Archive for December, 2007

Why do occupational therapists splint?

The above title was used as a search engine query to get to this blog.  I think that this is a good question.  Why do we splint?  Why not PT’s?  Or orthopedic technicians?

The obvious answer is that we make splints for functional purposes, whether it is an extension splint for a below knee amputation (I made my second one last week!), or a resting hand splint to prevent hand contractures. But this is not always consistent, as I’ve seen only PT’s making referrals for certain types of splints, such as multi-podus boots to prevent foot drop. The good thing is that when it comes to splinting, the occupational therapists are the ones that get called for the most part.

I enjoy splinting.  Back when I was a student, I made tens of foot-plates.  We had patients who had external fixators attached to their legs, and we would make foot-plates to prevent foot drop (multi-podus boots wouldn’t work as the ex-fix got in the way, see picture for example).  As my experience grows in acute care, I’d like to see my experience in splinting grow as well.  I am even considering specializing in splinting.


December 16, 2007 at 10:49 pm 8 comments

Working with comatose patients

Luckily, I don’t work with too many patients who are comatose, but I’ve had weeks where I will suddenly see 3 or 4 patients in one week who are comatose. This usually happens because the patient is for the most part medically stable, and they now need placement. Most facilities won’t accept patients without having some sort of level of care, so they call upon the therapists to determine what the patients can and cannot do.

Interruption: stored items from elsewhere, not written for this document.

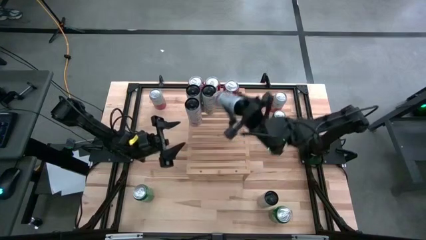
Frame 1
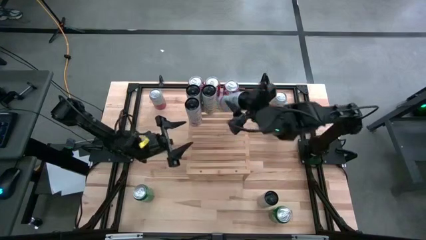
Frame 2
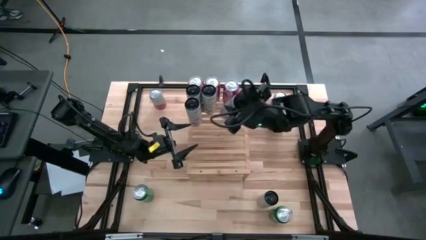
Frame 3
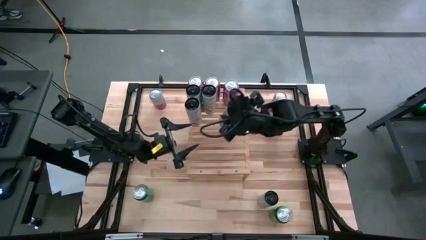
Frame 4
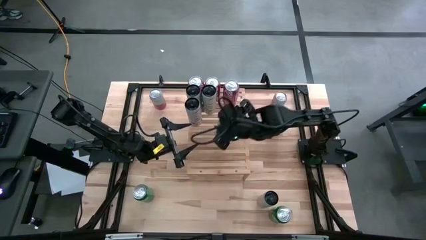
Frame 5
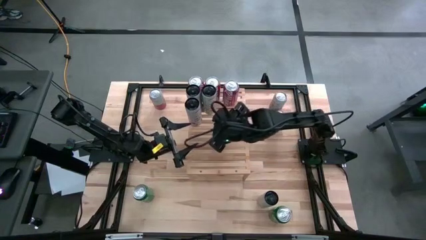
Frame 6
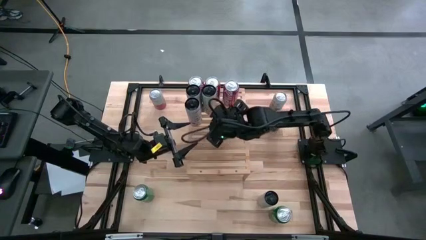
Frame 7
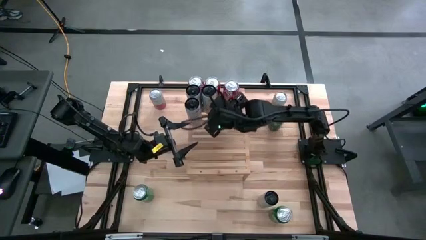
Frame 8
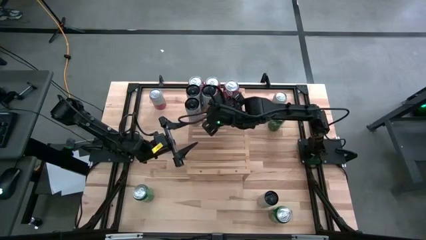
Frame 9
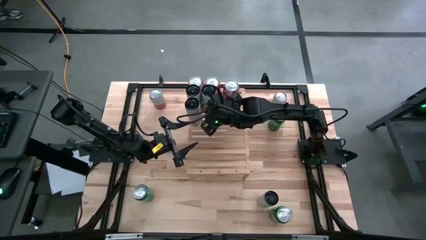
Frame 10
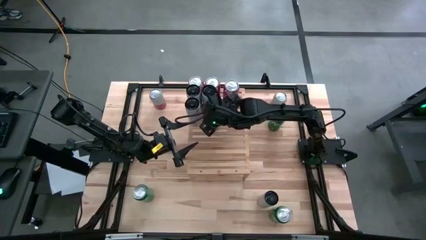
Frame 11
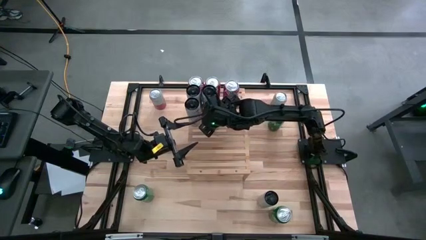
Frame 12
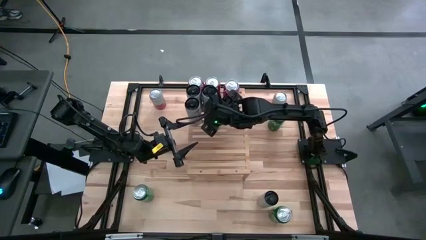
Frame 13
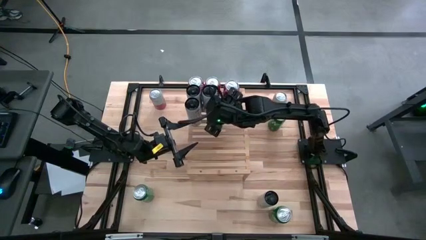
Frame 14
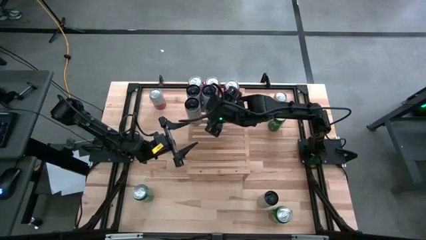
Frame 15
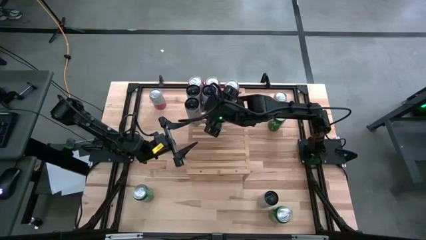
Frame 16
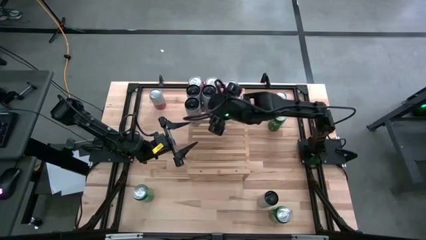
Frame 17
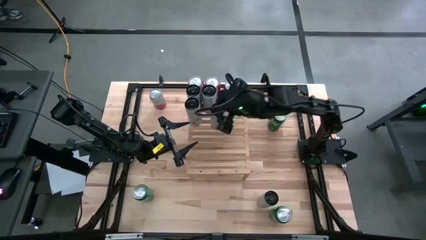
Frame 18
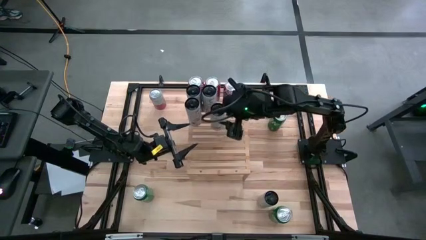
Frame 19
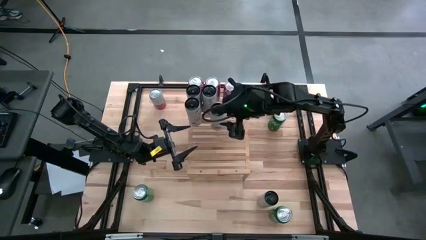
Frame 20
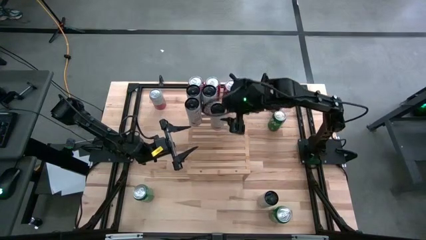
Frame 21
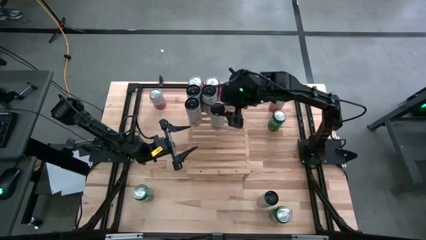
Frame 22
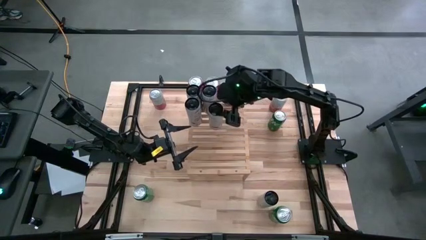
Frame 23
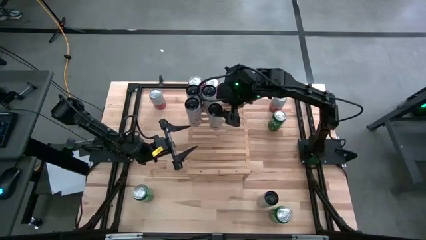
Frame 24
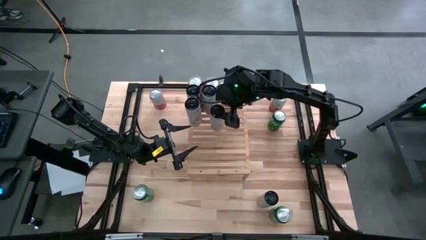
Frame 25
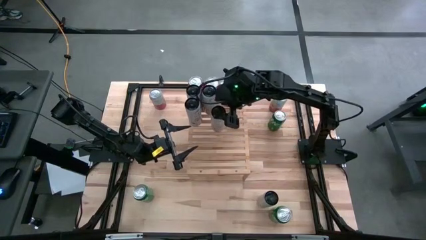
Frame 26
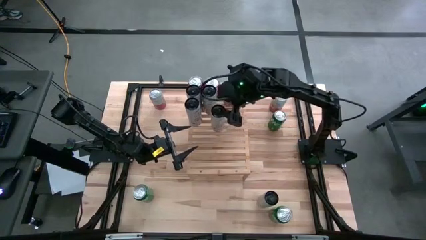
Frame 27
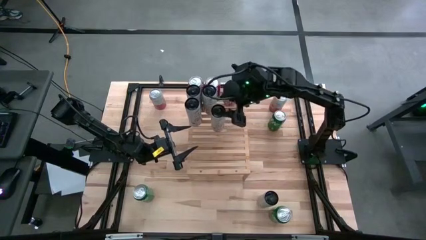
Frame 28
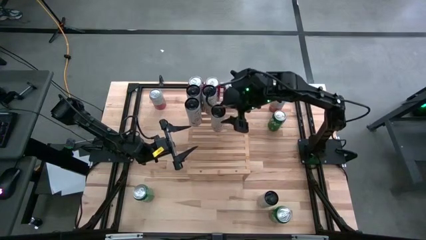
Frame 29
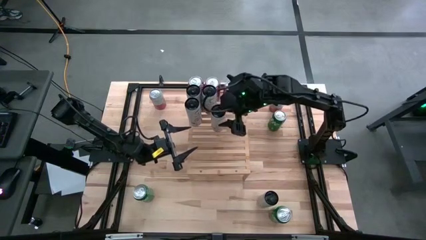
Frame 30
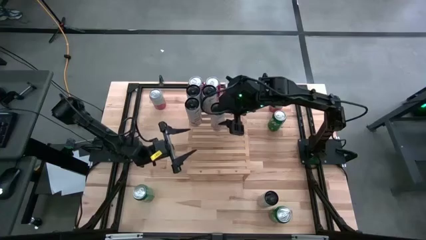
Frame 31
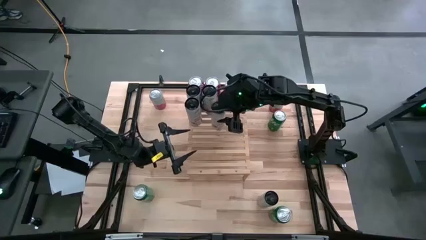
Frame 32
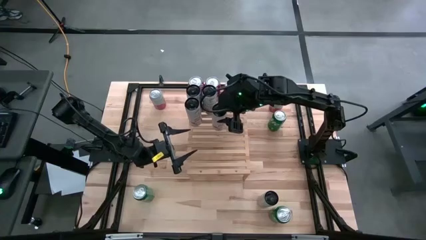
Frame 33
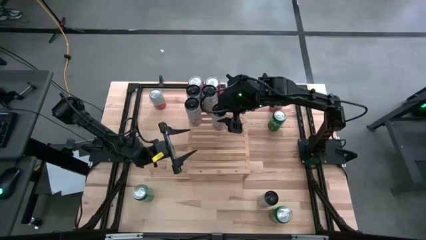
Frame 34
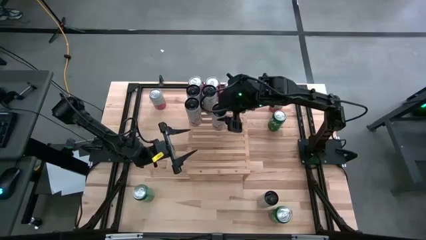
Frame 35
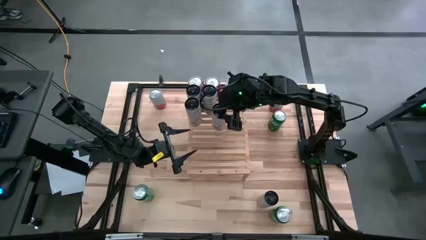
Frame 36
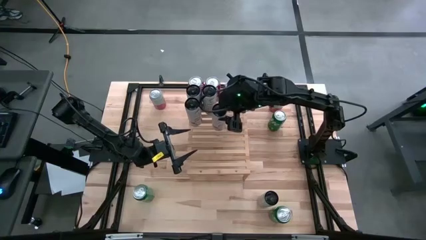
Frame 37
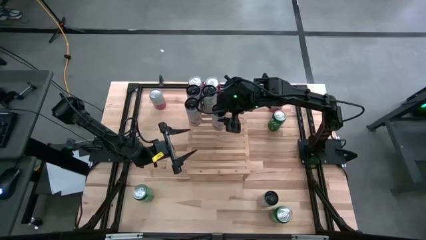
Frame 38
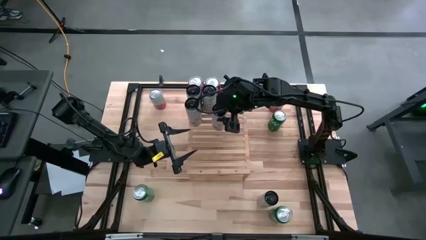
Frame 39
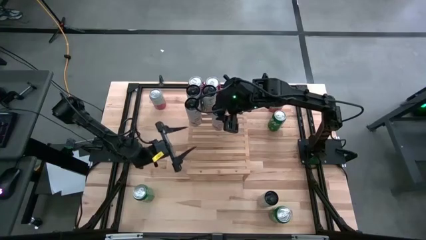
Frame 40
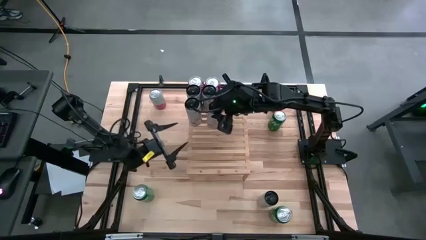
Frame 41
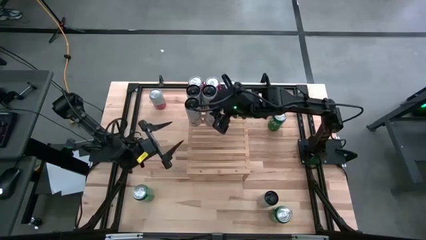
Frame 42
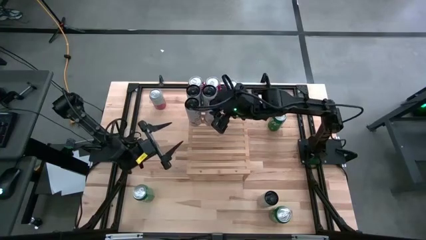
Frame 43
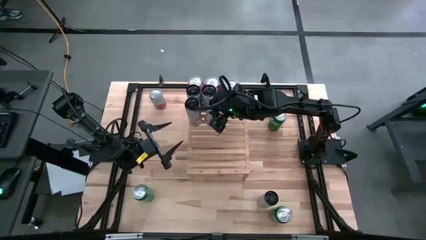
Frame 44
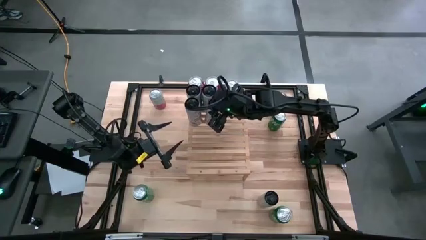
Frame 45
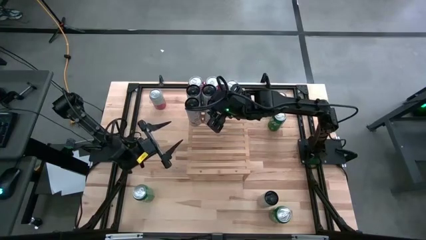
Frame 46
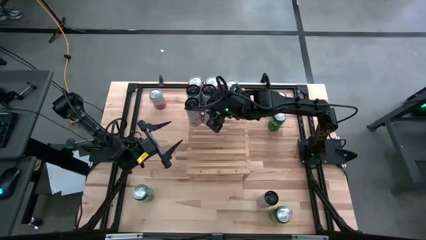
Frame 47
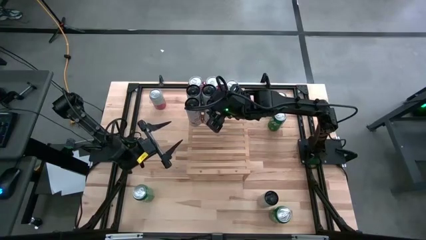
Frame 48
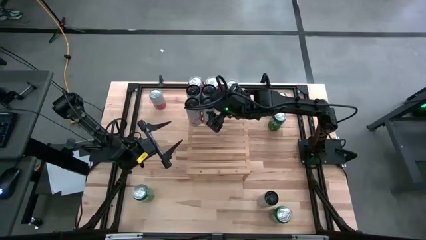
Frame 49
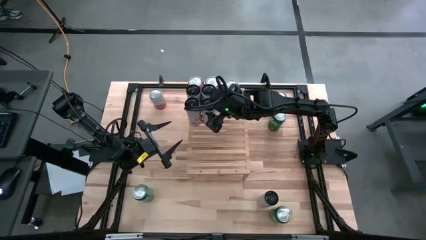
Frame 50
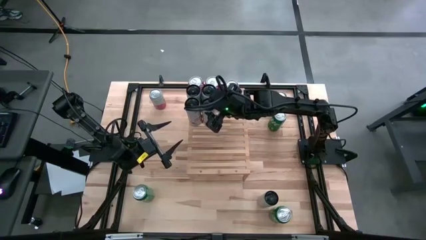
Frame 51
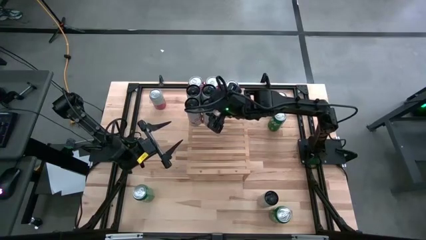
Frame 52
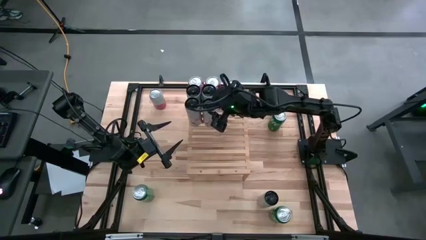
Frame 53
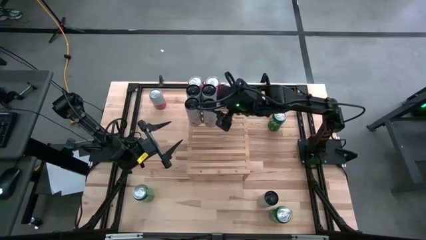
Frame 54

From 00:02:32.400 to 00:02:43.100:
Task: Place canned beverage on shelf
Align the right peach vibe celsius soda can with the other peach vibe celsius soda can on the shelf

What I find interesting is that for the most part, the exact same evaluation will take place from OT, PT, and SLP. My hospital seems to favor the JFK Coma Recovery Scale, and both the OTs and PTs use the scale as their evaluation. What ends up happening is that we both do the exact same thing based on the exact same scale, yet bill differently. And Medicare accepts this. If the patient was not comatose, Medicare would never pay for two disciplines to do the exact same thing. Go figure.

When the patient is comatose, it is obviously hard to complete ADLs, but we end up usually seeing what stimuli work to arouse the patient. Can the patient follow a 1-step command consistently (i.e. give a thumbs up)? Do they respond to pain? The link to the scale is here (pdf) and is for the most part self-explanatory, should you want to know more information.

December 16, 2007 at 10:30 pm Leave a comment

Blog neglect

I know, shame on me.  I have neglected this blog for more than two months.  I have a few ideas that I’ve been meaning to write about, so I hope to put them on the blog soon.  If I have any readers left, sorry for neglecting the blog!